If you don't like being a wage-slave but you aren't rich enough to have other options it's a bit tough. Bad for stress. That attitude won't get you anywhere. Don't let the boss catch you talking like that.

It seems to me that there is such a thing as collaborating against yourself, like a Quisling in your own personal Class War. It's as if by some awesome mental self-deceit you can trick and trip into reverse the normal emotional process, with the result that employed work becomes life itself and you the employeee come to define and subjugate you the person. You con yourself into thinking you are doing something useful and worthwhile with your life, whereas in reality you are keeping some capitalist's books for him and nothing more. Thus, you live to work rather than work to live. It's not really a matter of cheap fuck-you-Jack materialism either, even if some people do dribble and slobber over fast cars occasionally. "You've got to work", they would argue, "you might as well enjoy it". So every morning, bright and early, you get up and shoot the resistance fighter in yourself and lace up the jackboots.

Nope, can't do it. I can't learn to love wage-slavery. I do think it's a prison, and I think of the Socialist Party as a somewhat understaffed Escape Committee. But I've emulated the capitalists and adopted sound business principles in selling my skills - we agree on eight hours, they pay for seven hours, I give them six and hope they don't notice. As for the solitary confinement of the dole, that's hardly an improvement.

I know there are a hell of a lot of workers out there who feel exactly like I do, but they either won't admit it or aren't saying anything for fear of being labelled a bad worker. Their attitude can be summed up as "OK, so it's all bullshit, but you've got to play the game."

The thing which really pisses me off is that if I object to the terms of this "game" I'm told by the likes of Michael "Mr Shithouse" Portaloo or Blue Peter Lilley that it's because I'm just a lazy feckless git who won't get out of bed to do a decent day's hard graft. This is true, in a way. Most of the "hard graft" which is on offer I wouldn't cross the road for, except maybe to avoid. But that doesn't mean I don't like money at all. I simply dislike employment on someone else's terms.

Let me have the sort of work I can see a useful point in, in which I have a say, which I can enter into freely and without obligation, which is creative, which I can take a pride in, which I can do when I want and stop if I want, which I change when I like to something else I want to try. With half the world starving and the planet poisoned it's not as if there isn't anything useful that needs doing. It's my body and my labour, after all. Why the hell shouldn't it be me that decides when and where to apply it? Money doesn't even come into it. That sort of work I would do for nothing if I could, and what's more if you're honest about it, so would you. Without "property" fetish, that is how socialism would be able to do things. But that's not how it is, and in this stick-and-carrot society, we've got there is no real opportunity, for most of us, to find this kind of work.
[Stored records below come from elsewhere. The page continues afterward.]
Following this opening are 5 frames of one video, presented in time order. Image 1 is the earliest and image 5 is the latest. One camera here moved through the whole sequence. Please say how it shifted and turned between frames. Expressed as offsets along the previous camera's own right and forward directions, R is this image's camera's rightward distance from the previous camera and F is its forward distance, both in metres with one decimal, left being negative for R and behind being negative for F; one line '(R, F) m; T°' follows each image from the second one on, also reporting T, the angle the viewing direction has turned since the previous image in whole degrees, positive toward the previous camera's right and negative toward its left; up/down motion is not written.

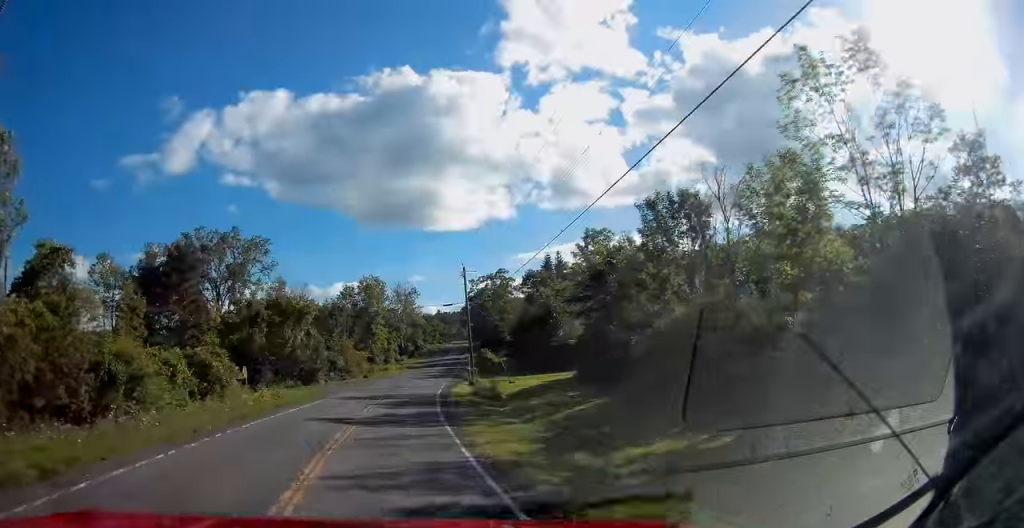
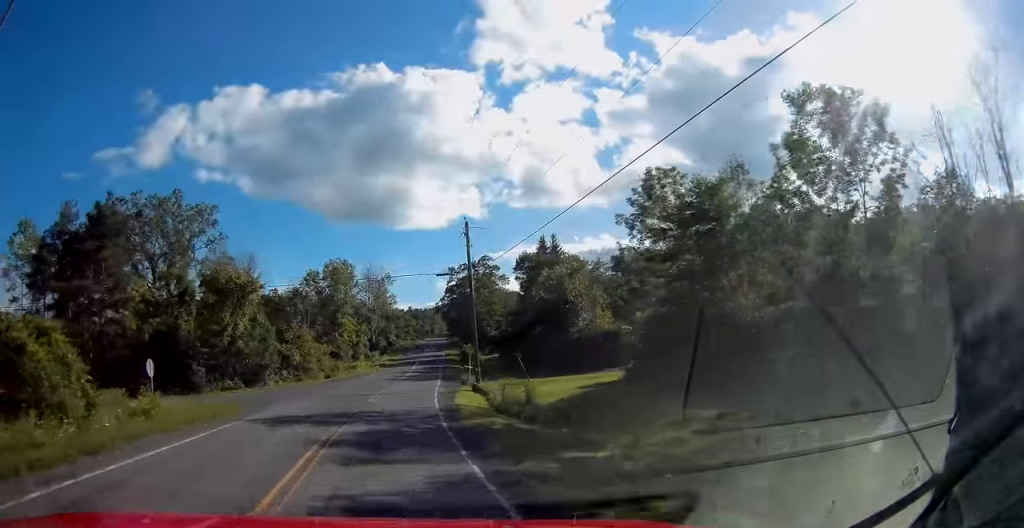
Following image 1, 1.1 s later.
(+0.4, +17.7) m; +4°
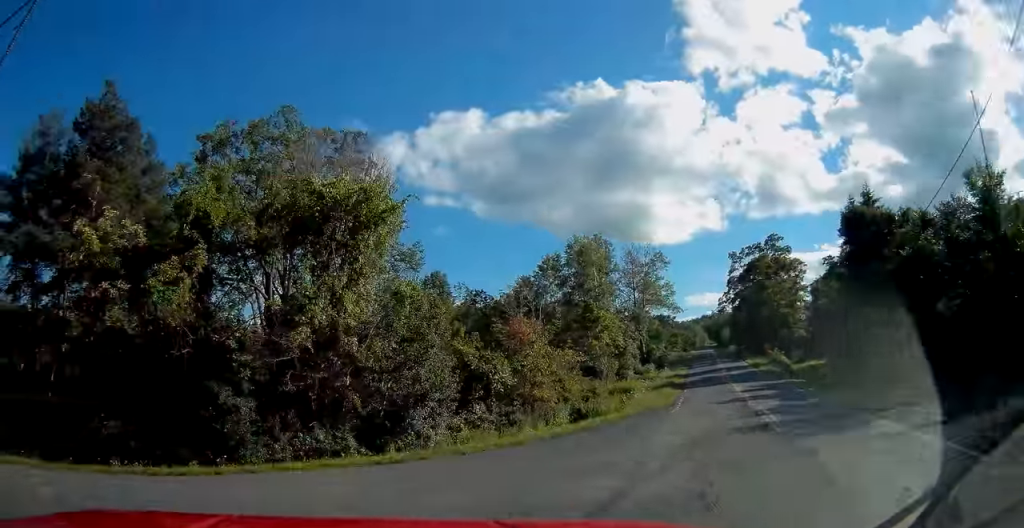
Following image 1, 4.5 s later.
(+1.7, +34.0) m; -12°
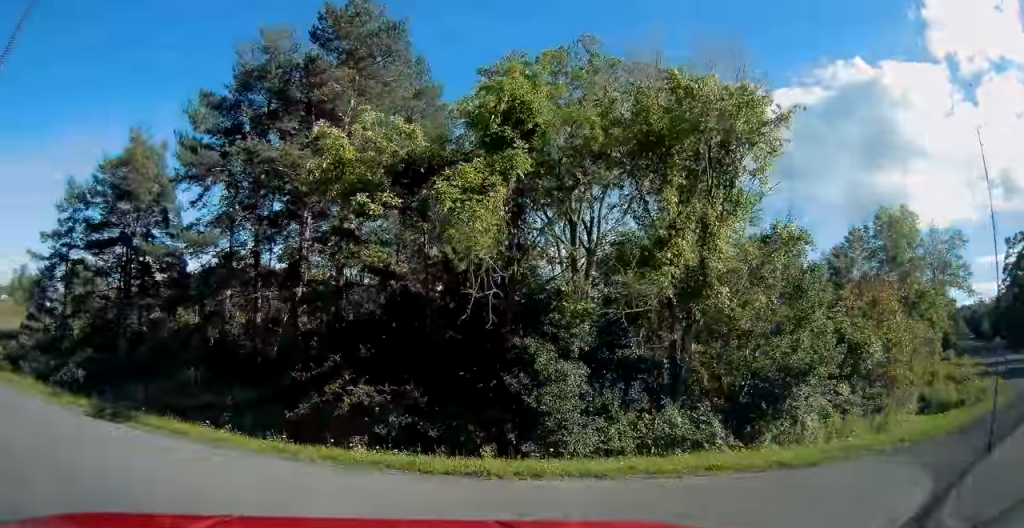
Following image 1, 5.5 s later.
(-1.2, +5.8) m; -30°
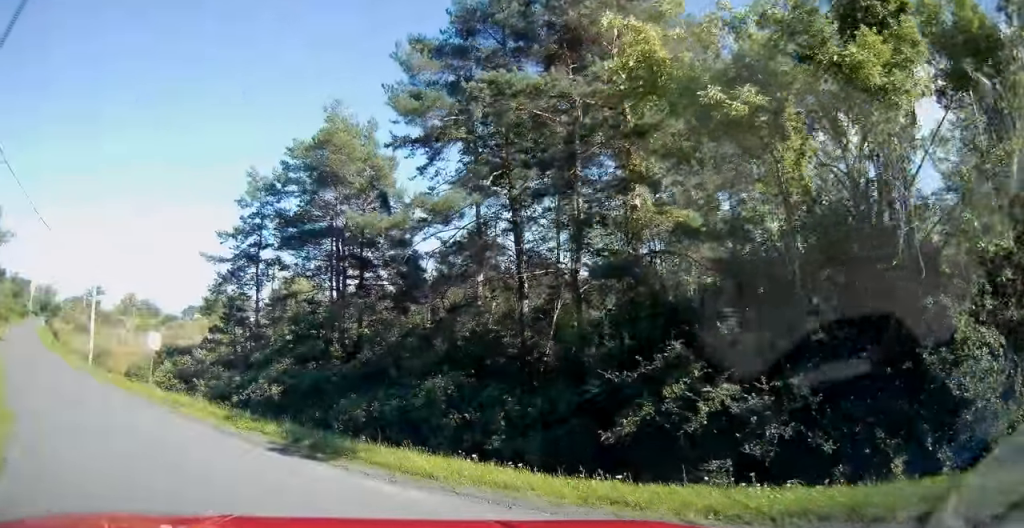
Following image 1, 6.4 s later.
(-1.3, +4.8) m; -24°

Employment is for the most part a dreary, oppressive, soul-destroying way of paying the rent and the food bills, but it's the only game in town until we decide to change the rules.

So we carry on playing the game. Some of us even manage to like it. But we might as well recognize that we, the working class, are not holding any of the boss cards. We're not supposed to, because this is a game devised by the owning class which we cannot ever win. Therefore, we must kick the table over once and for all.